In 1991, Arlo bought the church where this took place and set up “The Guthrie Center,” where he runs programs for kids who have been abused.
From Songfacts
Running 18 minutes and 34 seconds, this song is based on a true story that happened on Thanksgiving Day, 1965. Arlo was 18, and along with his friend Rick Robbins, drove to Stockbridge, Massachusetts to have Thanksgiving dinner with Alice and Ray Brock. Alice and Ray lived in a church – the former Trinity Church on Division Street in Stockbridge – and were used to inviting people into their home. Arlo and Rick had been traveling together, Arlo working his way up in folk singing and Rick tagging along. A number of people, Arlo and Rick included, were considered members of the family, so they were not guests in the usual sense.
When Ray woke up the next morning, he said to them, “Let’s clean up the church and get all this crap out of here, for God’s sake. This place is a mess,” and Rick said, “Sure.” Arlo and Rick swept up and loaded all the crap into a VW microbus and went out to the dump, which was closed. They started driving around until Arlo remembered a side road in Stockbridge up on Prospect Hill by the Indian Hill Music Camp which he attended one summer, so they drove up there and dumped the garbage.A little later, the phone rang, and it was Stockbridge police chief William J. Obanhein. “I found an envelope with the name Brock on it,” Chief Obanhein said. The truth came out, and soon the boys found themselves in Obanhein’s police car. They went up to Prospect Hill, and Obie took some pictures. On the back, he marked them, “PROSPECT HILL RUBBISH DUMPING FILE UNDER GUTHRIE AND ROBBINS 11/26/65.” He took the kids to jail.The kids went in, pleaded, “Guilty, Your Honor,” was fined $25 each and ordered to retrieve the rubbish. Then they all went back to the church and started to write “Alice’s Restaurant” together. “We were sitting around after dinner and wrote half the song,” Alice recalls, “and the other half, the draft part, Arlo wrote.”
Guthrie, the son of legendary folk singer Woody Guthrie, greatly exaggerated the part about getting arrested for comic effect. In the song, he is taken away in handcuffs and put in a cell with hardened criminals.

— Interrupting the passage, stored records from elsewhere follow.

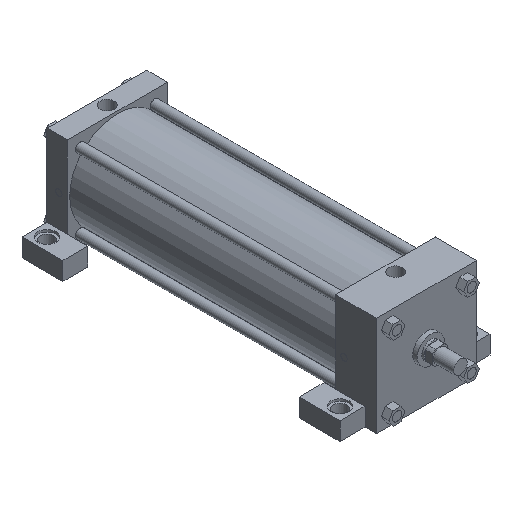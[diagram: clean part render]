
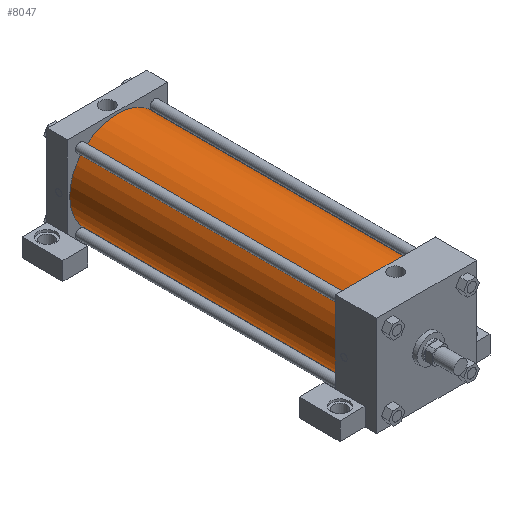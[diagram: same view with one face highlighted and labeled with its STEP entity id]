
A CAD part, isometric view. The second image highlights one B-rep face of the part: STEP entity #8047.
In plain terms, the highlighted cylindrical face has radius 66.675 mm (diameter 133.35 mm), a full revolution.
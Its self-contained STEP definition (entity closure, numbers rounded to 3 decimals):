
#1250=EDGE_CURVE('',#1256,#1256,#1251,.T.);
#1251=CIRCLE('',#1252,66.675);
#1252=AXIS2_PLACEMENT_3D('',#1253,#1254,#1255);
#1253=CARTESIAN_POINT('',(0.,76.2,0.));
#1254=DIRECTION('',(0.,1.,0.));
#1255=DIRECTION('',(1.,0.,0.));
#1256=VERTEX_POINT('',#1257);
#1257=CARTESIAN_POINT('',(66.675,76.2,0.));
#2043=FACE_OUTER_BOUND('',#2045,.T.);
#2044=FACE_BOUND('',#2046,.T.);
#2045=EDGE_LOOP('',(#2047));
#2046=EDGE_LOOP('',(#2056));
#2047=ORIENTED_EDGE('',*,*,#2048,.F.);
#2048=EDGE_CURVE('',#2054,#2054,#2049,.T.);
#2049=CIRCLE('',#2050,66.675);
#2050=AXIS2_PLACEMENT_3D('',#2051,#2052,#2053);
#2051=CARTESIAN_POINT('',(0.,450.85,0.));
#2052=DIRECTION('',(0.,1.,0.));
#2053=DIRECTION('',(1.,0.,0.));
#2054=VERTEX_POINT('',#2055);
#2055=CARTESIAN_POINT('',(66.675,450.85,0.));
#2056=ORIENTED_EDGE('',*,*,#1250,.T.);
#2057=CYLINDRICAL_SURFACE('',#2058,66.675);
#2058=AXIS2_PLACEMENT_3D('',#2059,#2060,#2061);
#2059=CARTESIAN_POINT('',(0.,450.85,0.));
#2060=DIRECTION('',(0.,-1.,0.));
#2061=DIRECTION('',(0.,0.,-1.));
#8047=ADVANCED_FACE('',(#2043,#2044),#2057,.T.);
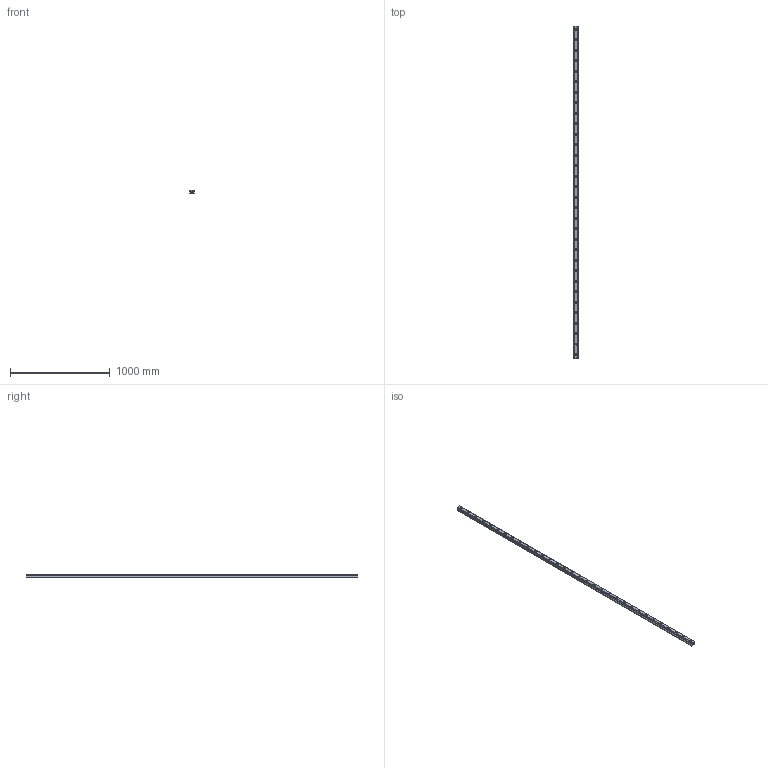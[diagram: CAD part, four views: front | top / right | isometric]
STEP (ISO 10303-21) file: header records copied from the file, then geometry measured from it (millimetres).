
FILE_DESCRIPTION(('STEP AP214'),'1');
FILE_NAME('cctmp_6CF3A727-1A33-4C14-850C-9E2B1EE568F6_2020_10_29_12_29_30_861..stp','2020-10-29T11:29:31',('HIWIN GmbH'),('CADClick - www.CADClick.com'),'Spatial InterOp 3D',' ','unknown authorization');
FILE_SCHEMA(('AUTOMOTIVE_DESIGN'));
Length unit declared in the file: millimetre
Products named in the file (1): HGR45R3325H_FILE
Bounding box: 45 x 3325 x 38 mm (x, y, z)
Volume: 4470089.3 mm3; surface area: 645266.9 mm2
Topology: 1 solids, 1 shells, 385 faces, 849 edges, 566 vertices
Faces by surface type: cylinder 196, plane 189
Entity records: 13859 total; most frequent: DIRECTION 2013, CARTESIAN_POINT 1801, ORIENTED_EDGE 1698, EDGE_CURVE 849, AXIS2_PLACEMENT_3D 778, VERTEX_POINT 566, EDGE_LOOP 485, LINE 457
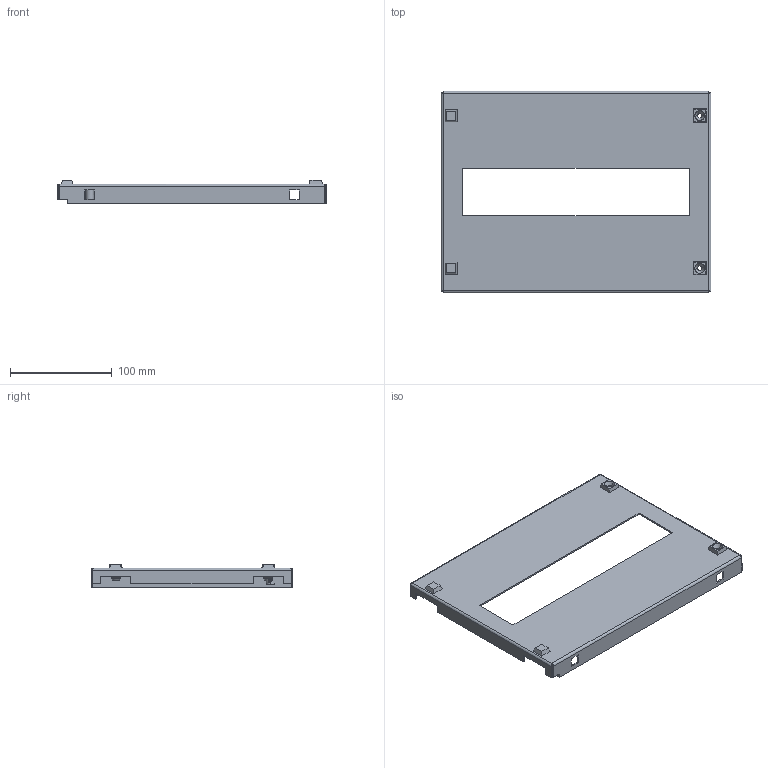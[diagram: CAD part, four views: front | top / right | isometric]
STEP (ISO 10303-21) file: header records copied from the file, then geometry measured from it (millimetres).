
FILE_DESCRIPTION (( 'STEP AP214' ), '1' );
FILE_NAME ('200x400 R5PI321.STEP', '2014-02-19T05:44:35', ( '' ), ( '' ), 'SwSTEP 2.0', 'SolidWorks 2012', '' );
FILE_SCHEMA (( 'AUTOMOTIVE_DESIGN' ));
Products named in the file (6): end-cap_AC00C061; land_Ïî óìîë÷àíèþ; Borchia quadra per pannelli distribuzione_AC00C147; AC00C129_Ïî óìîë÷àíèþ; Sectional modular door internal_QB09C662; 200x400 R5PI321
Assembly tree (7 placements, depth 2):
  200x400 R5PI321
    Sectional modular door internal_QB09C662
    AC00C129_Ïî óìîë÷àíèþ  x2
    Borchia quadra per pannelli distribuzione_AC00C147  x2
    land_Ïî óìîë÷àíèþ
    end-cap_AC00C061
Bounding box: 265 x 198 x 23.5 mm (x, y, z)
Volume: 88594.9 mm3; surface area: 120196.7 mm2
Topology: 8 solids, 8 shells, 619 faces, 1761 edges, 1163 vertices
Faces by surface type: bspline 287, plane 194, cylinder 124, cone 14
Entity records: 94226 total; most frequent: CARTESIAN_POINT 83272, ORIENTED_EDGE 3080, EDGE_CURVE 1540, DIRECTION 1085, VERTEX_POINT 1016, B_SPLINE_CURVE_WITH_KNOTS 747, EDGE_LOOP 564, FACE_OUTER_BOUND 539
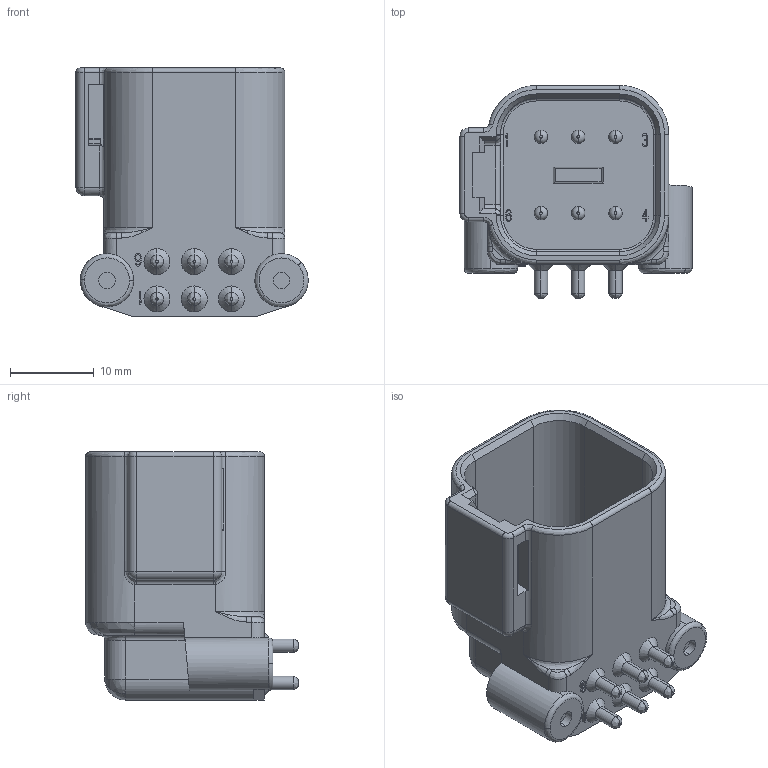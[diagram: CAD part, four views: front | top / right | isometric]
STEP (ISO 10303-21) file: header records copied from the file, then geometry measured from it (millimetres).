
FILE_DESCRIPTION (( 'STEP AP214' ), '1' );
FILE_NAME ('DTF13-6P.STEP', '2023-07-06T14:19:58', ( '' ), ( '' ), 'SwSTEP 2.0', 'SolidWorks 2017', '' );
FILE_SCHEMA (( 'AUTOMOTIVE_DESIGN' ));
Length unit declared in the file: millimetre
Products named in the file (2): DTF13-6P; DTF13-6P_DTF13-6P
Assembly tree (1 placements, depth 2):
  DTF13-6P
    DTF13-6P_DTF13-6P
Bounding box: 27.71 x 25.39 x 29.59 mm (x, y, z)
Volume: 6374.8 mm3; surface area: 5195.6 mm2
Topology: 13 solids, 13 shells, 480 faces, 1230 edges, 786 vertices
Faces by surface type: plane 308, cylinder 82, bspline 56, cone 18, torus 16
Entity records: 16755 total; most frequent: CARTESIAN_POINT 5283, ORIENTED_EDGE 2446, DIRECTION 2189, EDGE_CURVE 1223, VECTOR 867, LINE 867, VERTEX_POINT 786, AXIS2_PLACEMENT_3D 661
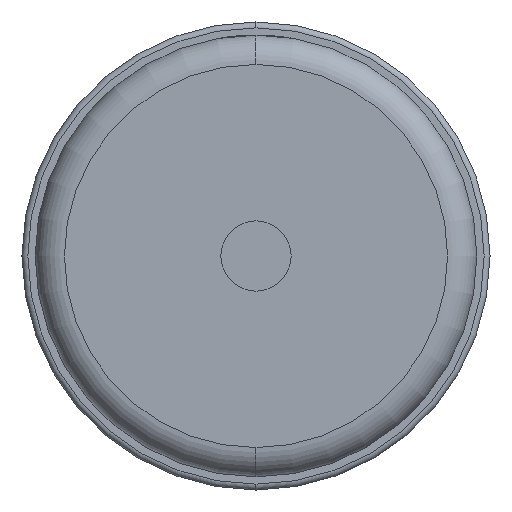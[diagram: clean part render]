
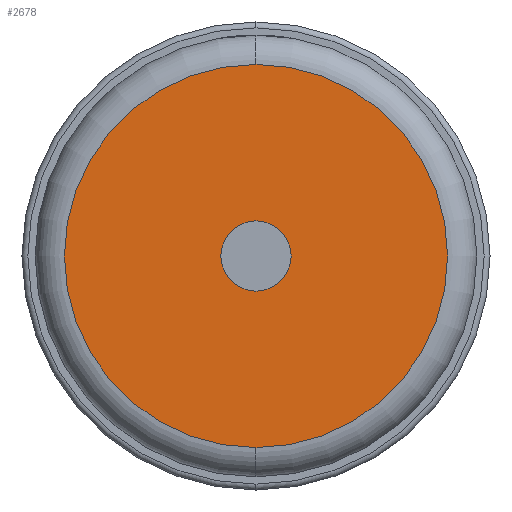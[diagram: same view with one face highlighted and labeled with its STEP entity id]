
A CAD part, left-side view. The second image highlights one B-rep face of the part: STEP entity #2678.
In plain terms, the highlighted planar face has unit normal (-1, 0, 0).
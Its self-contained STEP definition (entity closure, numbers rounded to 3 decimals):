
#71 = EDGE_CURVE ( 'NONE', #2904, #4569, #227, .T. ) ;
#113 = CARTESIAN_POINT ( 'NONE',  ( 0., 0., 0. ) ) ;
#143 = AXIS2_PLACEMENT_3D ( 'NONE', #385, #1188, #1204 ) ;
#227 = CIRCLE ( 'NONE', #143, 32.75 ) ;
#264 = AXIS2_PLACEMENT_3D ( 'NONE', #113, #3944, #2858 ) ;
#346 = CIRCLE ( 'NONE', #599, 6. ) ;
#361 = VERTEX_POINT ( 'NONE', #1866 ) ;
#385 = CARTESIAN_POINT ( 'NONE',  ( 0., 0., 0. ) ) ;
#486 = EDGE_CURVE ( 'NONE', #361, #672, #1139, .T. ) ;
#582 = CARTESIAN_POINT ( 'NONE',  ( 0., 0., 32.75 ) ) ;
#599 = AXIS2_PLACEMENT_3D ( 'NONE', #4746, #4301, #1590 ) ;
#635 = FACE_OUTER_BOUND ( 'NONE', #1497, .T. ) ;
#672 = VERTEX_POINT ( 'NONE', #2796 ) ;
#766 = CARTESIAN_POINT ( 'NONE',  ( 0., 0., 0. ) ) ;
#1139 = CIRCLE ( 'NONE', #1598, 6. ) ;
#1188 = DIRECTION ( 'NONE',  ( -1., 0., 0. ) ) ;
#1204 = DIRECTION ( 'NONE',  ( 0., 0., -1. ) ) ;
#1302 = CARTESIAN_POINT ( 'NONE',  ( 0., 0., 0. ) ) ;
#1382 = CIRCLE ( 'NONE', #3200, 32.75 ) ;
#1497 = EDGE_LOOP ( 'NONE', ( #4795, #2583 ) ) ;
#1590 = DIRECTION ( 'NONE',  ( 0., 0., -1. ) ) ;
#1598 = AXIS2_PLACEMENT_3D ( 'NONE', #766, #1947, #3537 ) ;
#1619 = EDGE_CURVE ( 'NONE', #672, #361, #346, .T. ) ;
#1632 = PLANE ( 'NONE',  #264 ) ;
#1737 = EDGE_LOOP ( 'NONE', ( #4368, #3286 ) ) ;
#1866 = CARTESIAN_POINT ( 'NONE',  ( 0., 0., -6. ) ) ;
#1947 = DIRECTION ( 'NONE',  ( -1., 0., 0. ) ) ;
#2045 = DIRECTION ( 'NONE',  ( -1., 0., 0. ) ) ;
#2111 = FACE_BOUND ( 'NONE', #1737, .T. ) ;
#2583 = ORIENTED_EDGE ( 'NONE', *, *, #71, .T. ) ;
#2678 = ADVANCED_FACE ( 'NONE', ( #635, #2111 ), #1632, .F. ) ;
#2717 = CARTESIAN_POINT ( 'NONE',  ( 0., 0., -32.75 ) ) ;
#2796 = CARTESIAN_POINT ( 'NONE',  ( 0., 0., 6. ) ) ;
#2858 = DIRECTION ( 'NONE',  ( 0., 0., -1. ) ) ;
#2904 = VERTEX_POINT ( 'NONE', #582 ) ;
#3083 = EDGE_CURVE ( 'NONE', #4569, #2904, #1382, .T. ) ;
#3200 = AXIS2_PLACEMENT_3D ( 'NONE', #1302, #2045, #3249 ) ;
#3249 = DIRECTION ( 'NONE',  ( 0., 0., -1. ) ) ;
#3286 = ORIENTED_EDGE ( 'NONE', *, *, #1619, .F. ) ;
#3537 = DIRECTION ( 'NONE',  ( 0., 0., -1. ) ) ;
#3944 = DIRECTION ( 'NONE',  ( 1., 0., 0. ) ) ;
#4301 = DIRECTION ( 'NONE',  ( -1., 0., 0. ) ) ;
#4368 = ORIENTED_EDGE ( 'NONE', *, *, #486, .F. ) ;
#4569 = VERTEX_POINT ( 'NONE', #2717 ) ;
#4746 = CARTESIAN_POINT ( 'NONE',  ( 0., 0., 0. ) ) ;
#4795 = ORIENTED_EDGE ( 'NONE', *, *, #3083, .T. ) ;
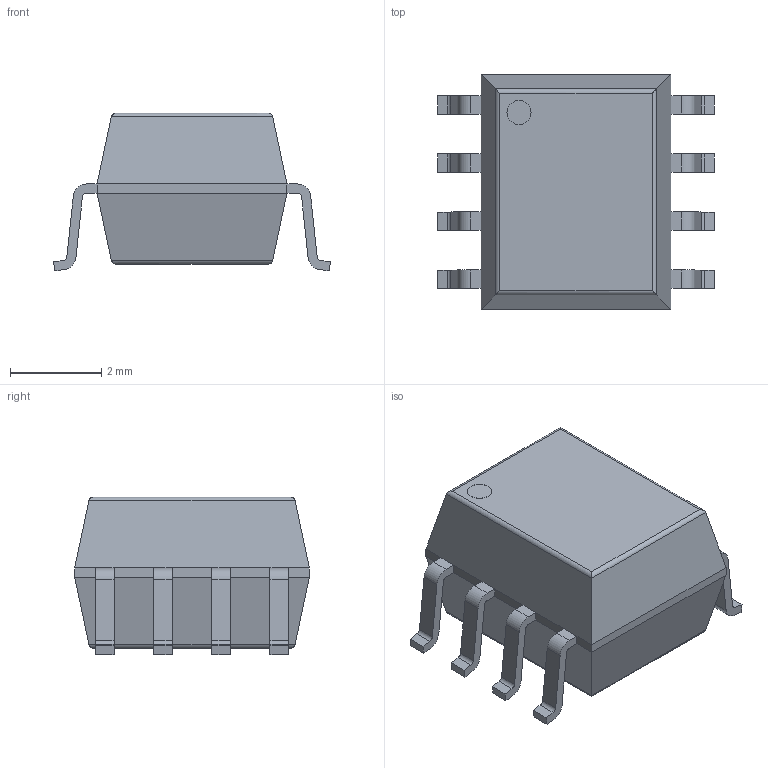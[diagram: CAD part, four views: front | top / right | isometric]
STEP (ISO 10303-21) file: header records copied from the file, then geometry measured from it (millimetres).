
FILE_DESCRIPTION((' '),'2;1');
FILE_NAME( 'SOIC127P600X330-8N.stp', '2023-07-05T15:57:28', (' '), ('--- Datakit www.datakit.com---'), ' Datakit CrossCadWare V2023.2 Mar 22 2023', 'DATAKIT 2023 (c)', ' ');
FILE_SCHEMA(('AP242_MANAGED_MODEL_BASED_3D_ENGINEERING_MIM_LF { 1 0 10303 442 1 1 4 }'));
Length unit declared in the file: millimetre
Products named in the file (1): SOIC127P600X330-8N
Bounding box: 6.06 x 5.13 x 3.45 mm (x, y, z)
Volume: 62.7 mm3; surface area: 111 mm2
Topology: 1 solids, 1 shells, 136 faces, 351 edges, 218 vertices
Faces by surface type: plane 95, cylinder 41
Full cylindrical faces by diameter (mm): 0.527 x1
Entity records: 4238 total; most frequent: CARTESIAN_POINT 705, ORIENTED_EDGE 700, DIRECTION 698, EDGE_CURVE 350, VECTOR 276, LINE 276, VERTEX_POINT 218, AXIS2_PLACEMENT_3D 211
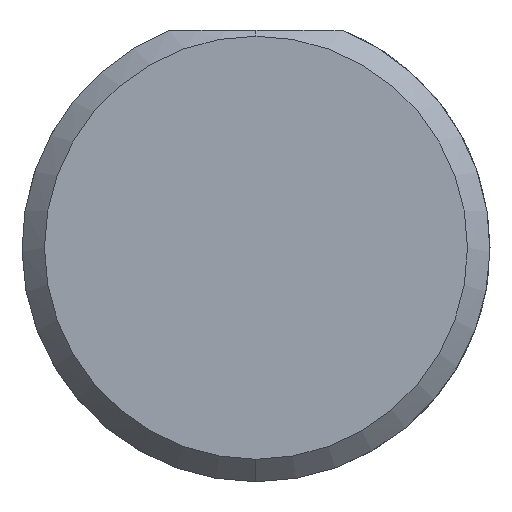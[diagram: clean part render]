
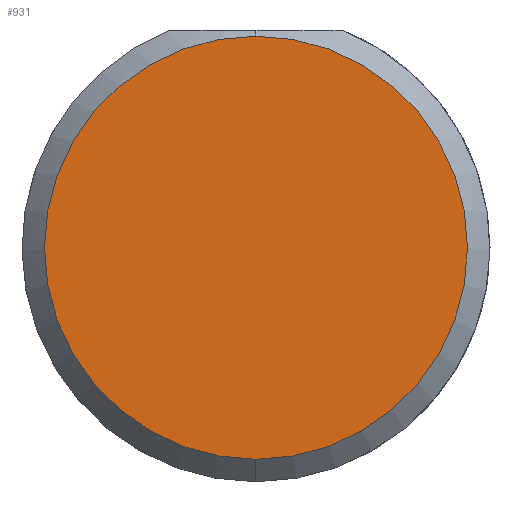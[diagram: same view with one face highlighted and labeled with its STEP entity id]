
A CAD part, left-side view. The second image highlights one B-rep face of the part: STEP entity #931.
In plain terms, the highlighted planar face has unit normal (-1, 0, 0).
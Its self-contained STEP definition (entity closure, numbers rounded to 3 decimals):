
#85 = DIRECTION ( 'NONE',  ( -1., 0., 0. ) ) ;
#113 = AXIS2_PLACEMENT_3D ( 'NONE', #458, #843, #1165 ) ;
#149 = AXIS2_PLACEMENT_3D ( 'NONE', #1049, #254, #566 ) ;
#174 = DIRECTION ( 'NONE',  ( 0., 0., -1. ) ) ;
#254 = DIRECTION ( 'NONE',  ( 1., 0., 0. ) ) ;
#264 = CARTESIAN_POINT ( 'NONE',  ( 0., 0., -3.584 ) ) ;
#428 = ORIENTED_EDGE ( 'NONE', *, *, #922, .T. ) ;
#458 = CARTESIAN_POINT ( 'NONE',  ( 0., 0., 0. ) ) ;
#553 = ORIENTED_EDGE ( 'NONE', *, *, #993, .T. ) ;
#566 = DIRECTION ( 'NONE',  ( 0., 0., -1. ) ) ;
#721 = CARTESIAN_POINT ( 'NONE',  ( 0., 0., 0. ) ) ;
#725 = VERTEX_POINT ( 'NONE', #1006 ) ;
#731 = CIRCLE ( 'NONE', #1178, 3.584 ) ;
#737 = FACE_OUTER_BOUND ( 'NONE', #1077, .T. ) ;
#843 = DIRECTION ( 'NONE',  ( -1., 0., 0. ) ) ;
#922 = EDGE_CURVE ( 'NONE', #1226, #725, #731, .T. ) ;
#931 = ADVANCED_FACE ( 'NONE', ( #737 ), #1120, .F. ) ;
#993 = EDGE_CURVE ( 'NONE', #725, #1226, #1196, .T. ) ;
#1006 = CARTESIAN_POINT ( 'NONE',  ( 0., 0., 3.584 ) ) ;
#1049 = CARTESIAN_POINT ( 'NONE',  ( 0., 0., 0. ) ) ;
#1077 = EDGE_LOOP ( 'NONE', ( #428, #553 ) ) ;
#1120 = PLANE ( 'NONE',  #149 ) ;
#1165 = DIRECTION ( 'NONE',  ( 0., 0., -1. ) ) ;
#1178 = AXIS2_PLACEMENT_3D ( 'NONE', #721, #85, #174 ) ;
#1196 = CIRCLE ( 'NONE', #113, 3.584 ) ;
#1226 = VERTEX_POINT ( 'NONE', #264 ) ;

In the song, Guthrie avoids the draft and did not have to serve in Vietnam because of his littering arrest. In reality, he was eligible but wasn’t drafted because his number didn’t come up.
Guthrie performed this song for the first time on July 16, 1967, at the Newport Folk Festival.
This reflected the attitude of many young people in America at the time. It was considered an antiwar song, but unlike most protest songs, it used humor to speak out against authority.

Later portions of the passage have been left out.